Conduction of catalytic properties from buried transitional metals to exposed inert main group metals

The electronic interaction between buried single transitional metal and adjacent aluminum atoms via metallic bonding can be well demonstrated.

Inspired by the disappearance of surface transitional metal species on an aluminum substrate upon annealing, the research group of Zhenpeng Hu (School of Physics, Nankai University) performed density functional (DFT) calculations. Some d-block metals are found to show a self-dispersion and sinking tendency and can be well stabilized in the subsurface region of single-crystal aluminum.

A new study on this topic led by Prof. Landong Li (College of Chemistry, Nankai University), Prof. Zhenpeng Hu, and Prof. Fan Yang (School of Physical Science and Technology, ShanghaiTech University) appears in National Science Review.

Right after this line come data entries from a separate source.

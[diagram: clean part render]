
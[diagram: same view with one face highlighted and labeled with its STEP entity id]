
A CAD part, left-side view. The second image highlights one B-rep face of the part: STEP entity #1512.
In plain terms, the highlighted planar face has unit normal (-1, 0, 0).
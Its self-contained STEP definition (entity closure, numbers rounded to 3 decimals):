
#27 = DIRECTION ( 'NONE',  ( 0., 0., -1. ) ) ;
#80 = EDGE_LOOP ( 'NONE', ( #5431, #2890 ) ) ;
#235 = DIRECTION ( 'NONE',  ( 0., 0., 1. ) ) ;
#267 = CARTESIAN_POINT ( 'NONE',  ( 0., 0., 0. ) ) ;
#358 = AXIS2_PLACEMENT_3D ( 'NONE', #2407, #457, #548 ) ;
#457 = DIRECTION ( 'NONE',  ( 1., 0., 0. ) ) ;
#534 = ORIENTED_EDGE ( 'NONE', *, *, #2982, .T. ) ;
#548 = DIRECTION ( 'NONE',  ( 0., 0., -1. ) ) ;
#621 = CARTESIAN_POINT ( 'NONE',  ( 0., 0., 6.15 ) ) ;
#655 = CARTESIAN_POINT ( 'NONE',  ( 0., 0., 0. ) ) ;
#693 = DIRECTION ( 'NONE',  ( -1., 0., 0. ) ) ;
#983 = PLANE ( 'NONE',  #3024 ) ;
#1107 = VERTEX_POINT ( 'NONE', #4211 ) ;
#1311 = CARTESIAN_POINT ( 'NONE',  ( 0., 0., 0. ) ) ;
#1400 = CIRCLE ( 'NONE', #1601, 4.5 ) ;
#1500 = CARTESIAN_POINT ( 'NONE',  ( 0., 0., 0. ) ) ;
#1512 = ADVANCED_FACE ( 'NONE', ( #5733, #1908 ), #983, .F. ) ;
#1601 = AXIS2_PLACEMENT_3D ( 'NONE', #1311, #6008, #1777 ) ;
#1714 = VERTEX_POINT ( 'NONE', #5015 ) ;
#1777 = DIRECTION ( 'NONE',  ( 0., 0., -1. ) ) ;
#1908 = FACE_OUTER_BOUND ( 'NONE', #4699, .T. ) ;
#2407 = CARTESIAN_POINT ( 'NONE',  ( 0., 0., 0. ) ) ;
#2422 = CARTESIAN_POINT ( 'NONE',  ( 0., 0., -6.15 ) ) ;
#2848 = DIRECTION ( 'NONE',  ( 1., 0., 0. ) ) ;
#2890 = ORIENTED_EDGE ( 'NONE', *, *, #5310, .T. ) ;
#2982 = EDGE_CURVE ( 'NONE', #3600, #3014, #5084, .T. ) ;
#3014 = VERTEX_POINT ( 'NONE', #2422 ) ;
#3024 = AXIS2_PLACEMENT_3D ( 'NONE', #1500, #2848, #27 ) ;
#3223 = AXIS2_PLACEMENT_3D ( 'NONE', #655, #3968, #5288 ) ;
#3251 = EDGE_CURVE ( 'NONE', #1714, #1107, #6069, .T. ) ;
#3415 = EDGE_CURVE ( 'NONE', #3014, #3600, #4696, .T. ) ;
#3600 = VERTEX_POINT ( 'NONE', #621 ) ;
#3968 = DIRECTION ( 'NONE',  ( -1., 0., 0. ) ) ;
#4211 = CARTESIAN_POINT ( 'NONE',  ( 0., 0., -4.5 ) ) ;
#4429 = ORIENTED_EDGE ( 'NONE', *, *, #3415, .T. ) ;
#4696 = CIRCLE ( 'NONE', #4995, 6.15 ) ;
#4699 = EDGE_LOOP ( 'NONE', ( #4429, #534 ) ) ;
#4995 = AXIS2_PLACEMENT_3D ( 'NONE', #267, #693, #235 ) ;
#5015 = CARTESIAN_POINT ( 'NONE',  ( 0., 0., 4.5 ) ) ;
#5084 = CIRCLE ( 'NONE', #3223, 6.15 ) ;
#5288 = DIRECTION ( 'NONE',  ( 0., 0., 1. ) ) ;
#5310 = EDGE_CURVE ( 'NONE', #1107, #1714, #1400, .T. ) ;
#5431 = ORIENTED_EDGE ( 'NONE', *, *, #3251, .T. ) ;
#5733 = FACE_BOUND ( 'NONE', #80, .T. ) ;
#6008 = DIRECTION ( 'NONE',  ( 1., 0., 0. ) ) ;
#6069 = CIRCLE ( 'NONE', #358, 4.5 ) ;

According to their calculation results, Landong Li and Fan Yang began to seek solid evidence on the structure of the unique metallic system (M/Al) and the electron transfer between transitional metals and aluminum substrate through scanning tunneling microscopy (STM).

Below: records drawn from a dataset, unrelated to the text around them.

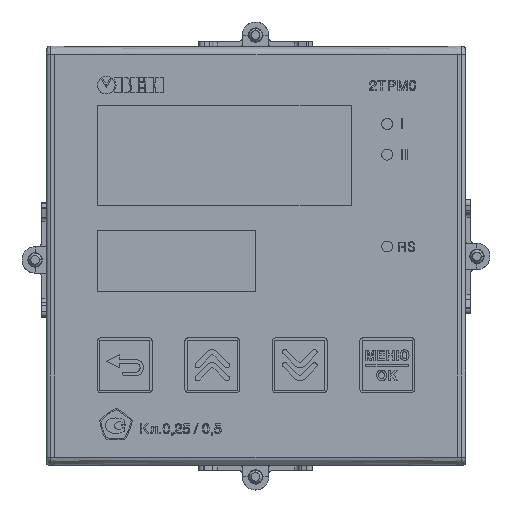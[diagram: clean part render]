
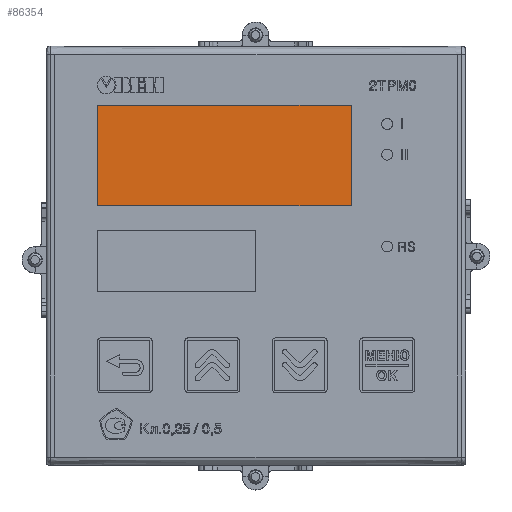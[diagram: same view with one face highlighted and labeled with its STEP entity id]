
A CAD part, top view. The second image highlights one B-rep face of the part: STEP entity #86354.
In plain terms, the highlighted planar face has unit normal (0, 0, 1).
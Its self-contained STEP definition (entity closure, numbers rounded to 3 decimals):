
#5960 = VECTOR ( 'NONE', #20550, 1000. ) ;
#20550 = DIRECTION ( 'NONE',  ( -1., 0., 0. ) ) ;
#29737 = DIRECTION ( 'NONE',  ( 0., -1., 0. ) ) ;
#39111 = ORIENTED_EDGE ( 'NONE', *, *, #138144, .T. ) ;
#62452 = EDGE_CURVE ( 'NONE', #138393, #148669, #74010, .T. ) ;
#66448 = CARTESIAN_POINT ( 'NONE',  ( 0., 0., 0.69 ) ) ;
#74010 = LINE ( 'NONE', #274654, #176715 ) ;
#78719 = VERTEX_POINT ( 'NONE', #79838 ) ;
#79838 = CARTESIAN_POINT ( 'NONE',  ( -10.211, 36.448, 0.69 ) ) ;
#80995 = EDGE_CURVE ( 'NONE', #264683, #138393, #190502, .T. ) ;
#86354 = ADVANCED_FACE ( 'NONE', ( #195363 ), #90110, .F. ) ;
#90110 = PLANE ( 'NONE',  #146475 ) ;
#91660 = CARTESIAN_POINT ( 'NONE',  ( -10.211, 36.448, 0.69 ) ) ;
#115325 = LINE ( 'NONE', #270357, #5960 ) ;
#117563 = CARTESIAN_POINT ( 'NONE',  ( -68.211, 13.448, 0.69 ) ) ;
#119262 = DIRECTION ( 'NONE',  ( 0., 1., 0. ) ) ;
#136948 = CARTESIAN_POINT ( 'NONE',  ( -10.211, 13.448, 0.69 ) ) ;
#138144 = EDGE_CURVE ( 'NONE', #148669, #78719, #244633, .T. ) ;
#138393 = VERTEX_POINT ( 'NONE', #148820 ) ;
#146475 = AXIS2_PLACEMENT_3D ( 'NONE', #66448, #224433, #248114 ) ;
#148669 = VERTEX_POINT ( 'NONE', #136948 ) ;
#148820 = CARTESIAN_POINT ( 'NONE',  ( -68.211, 13.448, 0.69 ) ) ;
#160157 = DIRECTION ( 'NONE',  ( 1., 0., 0. ) ) ;
#176715 = VECTOR ( 'NONE', #160157, 1000. ) ;
#187895 = ORIENTED_EDGE ( 'NONE', *, *, #62452, .T. ) ;
#190502 = LINE ( 'NONE', #117563, #271871 ) ;
#195363 = FACE_OUTER_BOUND ( 'NONE', #276003, .T. ) ;
#214930 = EDGE_CURVE ( 'NONE', #78719, #264683, #115325, .T. ) ;
#219985 = VECTOR ( 'NONE', #119262, 1000. ) ;
#224433 = DIRECTION ( 'NONE',  ( 0., 0., -1. ) ) ;
#243585 = ORIENTED_EDGE ( 'NONE', *, *, #80995, .T. ) ;
#244633 = LINE ( 'NONE', #91660, #219985 ) ;
#248114 = DIRECTION ( 'NONE',  ( -1., 0., 0. ) ) ;
#264683 = VERTEX_POINT ( 'NONE', #286203 ) ;
#265322 = ORIENTED_EDGE ( 'NONE', *, *, #214930, .T. ) ;
#270357 = CARTESIAN_POINT ( 'NONE',  ( -68.211, 36.448, 0.69 ) ) ;
#271871 = VECTOR ( 'NONE', #29737, 1000. ) ;
#274654 = CARTESIAN_POINT ( 'NONE',  ( -10.211, 13.448, 0.69 ) ) ;
#276003 = EDGE_LOOP ( 'NONE', ( #243585, #187895, #39111, #265322 ) ) ;
#286203 = CARTESIAN_POINT ( 'NONE',  ( -68.211, 36.448, 0.69 ) ) ;

Typically, it is found that both palladium and rhodium exclusively locate in the subsurface region of Al(001) and Al(111) single crystals as isolated atoms, with distinct electron transfer from palladium or rhodium to adjacent aluminum atoms.

The research team then performed DFT predictions on the catalytic properties of M/Al in several important reactions, such as acetylene semi-hydrogenation and propylene hydroformylation. They found that the intrinsic catalytic properties of palladium and rhodium can be conducted to the outermost inert aluminum layer, deriving catalytically active M/Al systems, although palladium and rhodium atoms are completely buried inside aluminum single crystal and inaccessible to reaction substrates.

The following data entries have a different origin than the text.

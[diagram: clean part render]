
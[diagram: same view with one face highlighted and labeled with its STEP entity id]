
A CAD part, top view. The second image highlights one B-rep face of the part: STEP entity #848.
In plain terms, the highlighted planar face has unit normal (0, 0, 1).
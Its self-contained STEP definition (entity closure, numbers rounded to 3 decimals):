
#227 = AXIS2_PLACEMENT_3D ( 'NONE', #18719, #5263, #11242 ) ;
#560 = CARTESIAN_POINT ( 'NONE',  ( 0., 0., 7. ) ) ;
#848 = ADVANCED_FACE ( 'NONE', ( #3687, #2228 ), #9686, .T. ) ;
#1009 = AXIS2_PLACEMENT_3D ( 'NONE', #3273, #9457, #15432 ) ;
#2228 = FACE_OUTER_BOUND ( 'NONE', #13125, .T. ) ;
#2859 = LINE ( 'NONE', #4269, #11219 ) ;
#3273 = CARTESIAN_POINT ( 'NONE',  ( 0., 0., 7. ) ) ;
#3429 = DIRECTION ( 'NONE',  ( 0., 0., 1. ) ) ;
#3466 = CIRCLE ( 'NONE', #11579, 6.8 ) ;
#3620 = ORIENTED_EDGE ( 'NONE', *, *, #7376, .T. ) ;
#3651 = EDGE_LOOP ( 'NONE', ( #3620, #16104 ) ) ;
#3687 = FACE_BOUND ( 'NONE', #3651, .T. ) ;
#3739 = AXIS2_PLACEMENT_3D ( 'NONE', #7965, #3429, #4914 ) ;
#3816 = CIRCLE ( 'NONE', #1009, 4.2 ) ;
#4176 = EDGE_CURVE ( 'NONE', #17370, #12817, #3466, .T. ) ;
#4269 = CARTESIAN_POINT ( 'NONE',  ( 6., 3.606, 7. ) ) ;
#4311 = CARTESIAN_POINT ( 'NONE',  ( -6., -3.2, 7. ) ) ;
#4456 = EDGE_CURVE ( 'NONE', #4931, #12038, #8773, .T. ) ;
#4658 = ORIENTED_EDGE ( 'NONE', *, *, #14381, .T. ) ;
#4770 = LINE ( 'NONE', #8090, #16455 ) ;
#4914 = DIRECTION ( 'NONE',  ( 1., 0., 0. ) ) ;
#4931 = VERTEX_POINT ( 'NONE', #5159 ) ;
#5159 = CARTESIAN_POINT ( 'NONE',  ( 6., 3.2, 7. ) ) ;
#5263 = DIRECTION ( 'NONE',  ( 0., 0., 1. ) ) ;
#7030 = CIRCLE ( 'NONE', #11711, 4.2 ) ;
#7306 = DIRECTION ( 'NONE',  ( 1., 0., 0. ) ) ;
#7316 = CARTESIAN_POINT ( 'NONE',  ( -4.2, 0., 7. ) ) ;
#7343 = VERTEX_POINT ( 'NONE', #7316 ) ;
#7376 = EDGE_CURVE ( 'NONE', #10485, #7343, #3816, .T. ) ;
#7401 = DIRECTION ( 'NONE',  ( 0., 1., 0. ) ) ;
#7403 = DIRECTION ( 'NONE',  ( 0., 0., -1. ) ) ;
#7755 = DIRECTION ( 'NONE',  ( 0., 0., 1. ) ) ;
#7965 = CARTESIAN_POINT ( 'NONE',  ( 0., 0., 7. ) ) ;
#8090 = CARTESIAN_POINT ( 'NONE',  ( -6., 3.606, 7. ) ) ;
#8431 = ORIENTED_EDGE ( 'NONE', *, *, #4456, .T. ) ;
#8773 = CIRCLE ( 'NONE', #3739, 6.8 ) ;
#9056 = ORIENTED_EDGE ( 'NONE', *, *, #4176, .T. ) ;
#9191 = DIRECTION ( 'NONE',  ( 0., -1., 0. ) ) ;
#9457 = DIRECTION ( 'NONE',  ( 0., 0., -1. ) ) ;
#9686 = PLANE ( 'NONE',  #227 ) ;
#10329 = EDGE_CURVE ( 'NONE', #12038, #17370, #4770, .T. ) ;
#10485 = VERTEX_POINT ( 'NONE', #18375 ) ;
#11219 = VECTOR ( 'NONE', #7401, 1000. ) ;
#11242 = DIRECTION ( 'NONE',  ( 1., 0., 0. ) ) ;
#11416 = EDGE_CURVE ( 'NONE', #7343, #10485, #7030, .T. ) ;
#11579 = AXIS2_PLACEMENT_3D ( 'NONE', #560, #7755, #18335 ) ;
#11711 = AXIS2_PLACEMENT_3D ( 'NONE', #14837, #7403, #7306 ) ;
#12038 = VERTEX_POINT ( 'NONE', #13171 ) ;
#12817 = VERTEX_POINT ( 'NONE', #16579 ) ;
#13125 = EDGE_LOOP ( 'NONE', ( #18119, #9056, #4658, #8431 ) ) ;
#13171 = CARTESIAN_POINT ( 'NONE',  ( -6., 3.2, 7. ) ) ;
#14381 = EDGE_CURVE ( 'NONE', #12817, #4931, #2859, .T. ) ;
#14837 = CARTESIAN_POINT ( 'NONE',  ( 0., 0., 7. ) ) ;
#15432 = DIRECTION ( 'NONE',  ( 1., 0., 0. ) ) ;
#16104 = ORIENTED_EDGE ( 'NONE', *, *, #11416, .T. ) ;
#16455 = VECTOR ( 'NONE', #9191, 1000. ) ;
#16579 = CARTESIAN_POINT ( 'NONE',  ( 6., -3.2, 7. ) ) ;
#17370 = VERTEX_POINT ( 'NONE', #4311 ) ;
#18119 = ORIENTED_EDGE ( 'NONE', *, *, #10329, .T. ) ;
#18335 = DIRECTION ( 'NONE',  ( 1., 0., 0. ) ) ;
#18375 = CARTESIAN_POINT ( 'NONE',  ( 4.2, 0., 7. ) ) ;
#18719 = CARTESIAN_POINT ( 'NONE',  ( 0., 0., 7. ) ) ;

Guided by theoretical predictions and surface science observations, the team finally built real main group metal systems containing buried transitional metal centers, showing expected catalytic performance in the reactions of alkyne semi-hydrogenation, olefin hydroformylation, and Suzuki-coupling. These results further confirm that the catalytic properties of buried transitional metals can be transferred to the exposed catalytically inert main group metals, i.e., the conductive catalysis.

This concept might provide an efficient shield of the traditional active centers against poisoning or leaching by the conductive layer, in contrast to traditional supported systems. More importantly, it is proposed that the catalytic properties of buried transitional metals can be precisely regulated or completely altered when passing through the conductive layer.